Jasper çok kötü görünüyordu. Beti benzi atmıştı ve sanki iri yarı bedenin üstüne gerilmişti derisi.
Jasper'ın çevresi morarmış yeşil gözlerindeki ışıltıyı görünce, David Caine kardeşinin, bu halinde bile, o
hastalıklı aklından olağanüstü zekilikte düşüncelerin geçtiğini anlayabiliyordu.
"Seni çıkar..." Caine ne diyeceğini bilemedi. "Yani burada olman çok iyi oldu. Çok iyi."
"Rahat konuş, söylemende bir sakınca yok," dedi Jasper olduğu yerde kıpırdanarak. "Beni akıl
hastanesinden çıkardıklarını bilmiyordun."
Caine bir an için utandı, sonra da başını salladı. Kardeşi sanki onun aklından geçenleri okuyordu,
bunu hep yapabilmişti.
"Ya," dedi Jasper, sesinden hem yorgun olduğu, hem de bu olayın onu güldürdüğü anlaşılıyordu.
"Mercy'deki aklı başındaki vatandaşlar beni salıverdiler Ocak'ta. Bir aydır dışarıdaydım."
"Niye aramadın?"
Jasper omuz silkti. "Bilmem. İlk önce bazı şeyleri yoluna koymak istedim. Bu arada, beni ziyarete
geldiğin için sağ ol."
Caine biranda irkildi. "Jasper ben-"
Jasper kardeşini susturmak için elini kaldırdı. "Tamam." Yeniden konuşmaya başlamadan önce
kardeşine arkasını dönüp, pencereden dışarı baktı bir süre. "Özür dilerim. Aslında seni anlıyorum. Ben
de kardeşimi öyle bir yerde ziyaret etmek istemezdim."

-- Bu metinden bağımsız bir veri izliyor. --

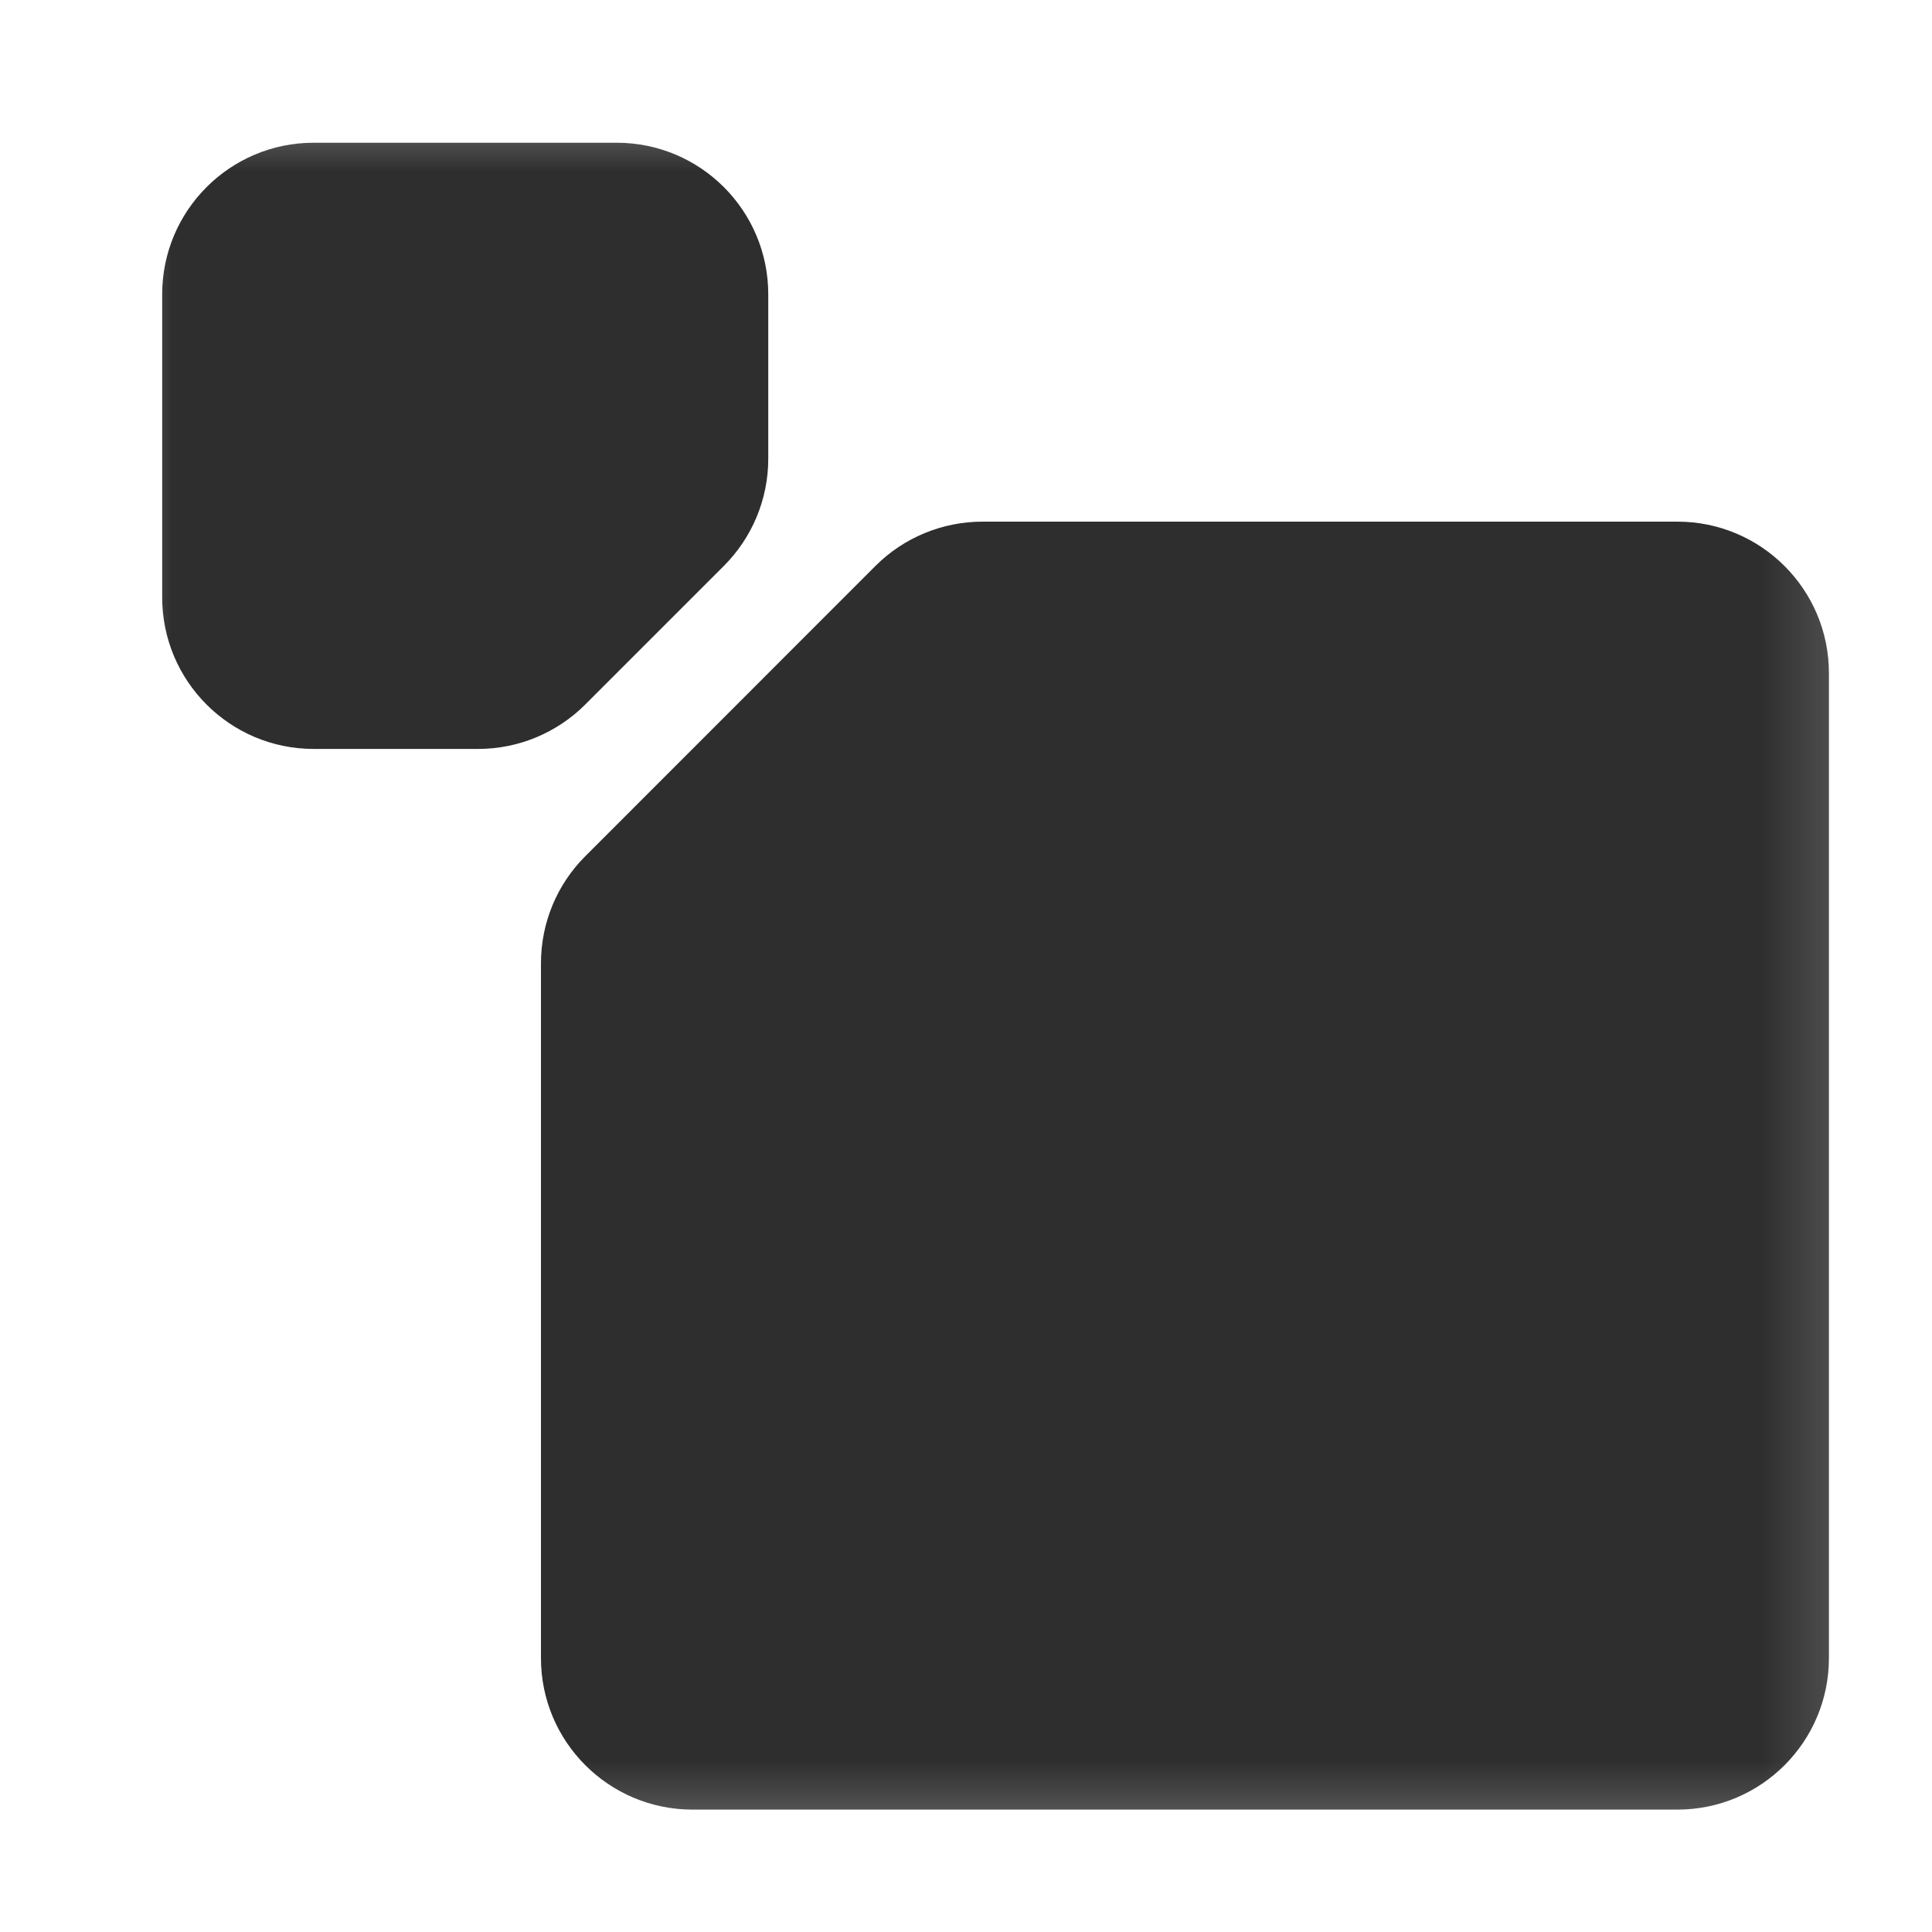 <svg width="17" height="17" viewBox="0 0 17 17" fill="none" xmlns="http://www.w3.org/2000/svg">
<g id="a1909385aa103bc3e54a2d23908601d7efbab49f-16x16.svg" clip-path="url(#clip0_24_6626)">
<g id="Clip path group">
<mask id="mask0_24_6626" style="mask-type:luminance" maskUnits="userSpaceOnUse" x="0" y="0" width="17" height="17">
<g id="a">
<path id="Vector" d="M16.76 0.59H0.76V16.59H16.76V0.59Z" fill="white"/>
</g>
</mask>
<g mask="url(#mask0_24_6626)">
<g id="Icon">
<path id="Vector_2" d="M4.76 8.476C4.76 8.122 4.9 7.783 5.151 7.533L7.703 4.98C7.953 4.73 8.292 4.59 8.646 4.59H14.76C15.496 4.59 16.093 5.187 16.093 5.923V14.59C16.093 15.326 15.496 15.923 14.76 15.923H6.093C5.357 15.923 4.76 15.326 4.76 14.59V8.476Z" fill="#2E2E2E"/>
<path id="Vector_3" d="M1.427 2.59C1.427 1.853 2.024 1.256 2.76 1.256H5.427C6.163 1.256 6.76 1.853 6.76 2.59V4.038C6.76 4.391 6.619 4.73 6.369 4.98L5.15 6.199C4.9 6.449 4.561 6.59 4.208 6.59H2.76C2.024 6.59 1.427 5.993 1.427 5.256V2.59Z" fill="#2E2E2E"/>
</g>
</g>
</g>
</g>
<defs>
<clipPath id="clip0_24_6626">
<rect width="16" height="16" fill="white" transform="translate(0.76 0.59)"/>
</clipPath>
</defs>
</svg>

"Yine de seni görmeye gelmeliydim."
"Neyse," dedi Jasper dalga geçer gibi, "gelecek sefere gelirsin.
Bir anda iki kardeş de sustu, sonra da aynı anda gülmeye başladılar; ikiz oldukları için bu çok sık
olurdu. Gülmek onlara iyi geldi. Caine gülmeyeli, içten gülmeyeli uzun zaman olmuştu, hele kardeşi ile
gülmeyeli çok uzun bir zaman olmuştu. Jasper David'den yalnızca on dakika önce doğmuştu, ama
bunu ona hep hatırlatır ve 'ufaklık' diyerek ona kendisinin daha büyük olduğunu ima ederdi.
"Burada olduğumu nereden bildin?"
"Seni hastaneye yatırdıklarında pratisyenlerden biri bana cep telefonumdan ulaştı. Geldiğimde
hemşire bana nöbet geçirdiğini söyledi."
Saklı Kütüphane 22 www.e-kitap.us
Caine başını salladı.
"Ayrıca, bir yıldır nöbet geçirip durduğunu da anlattı. Benim bunları bildiğimi sanıyordu. Bu konuda
konuşalım, balım, dalım, halım,"
Caine korku dolu bir ifadeyle baktı Jasper'a; ama kardeşi sanki çok esaslı bir espri patlatmış gibi
kıkırdıyordu sadece. Akıl hastanesinde onu tedavi etmeye çalışmış olabilirlerdi, ama edemedikleri belli
oluyordu. Caine kardeşinin gözlerine bakınca başka bir şey daha gördü; kardeşinin gözleri delilikten
parlıyordu.
"Hemşire başka ne anlattı?" diye sordu Caine Jasper'ın garip davranışını görmezden gelmeye
çalışarak.
"Fazla bir şey söylemedi; ağır bir nöbet geçirmişsin. Rus ahbaplarının söylediklerine bakılırsa
cankurtaran seni gelip alana kadar yirmi dakika kadar baygın kalmışsın."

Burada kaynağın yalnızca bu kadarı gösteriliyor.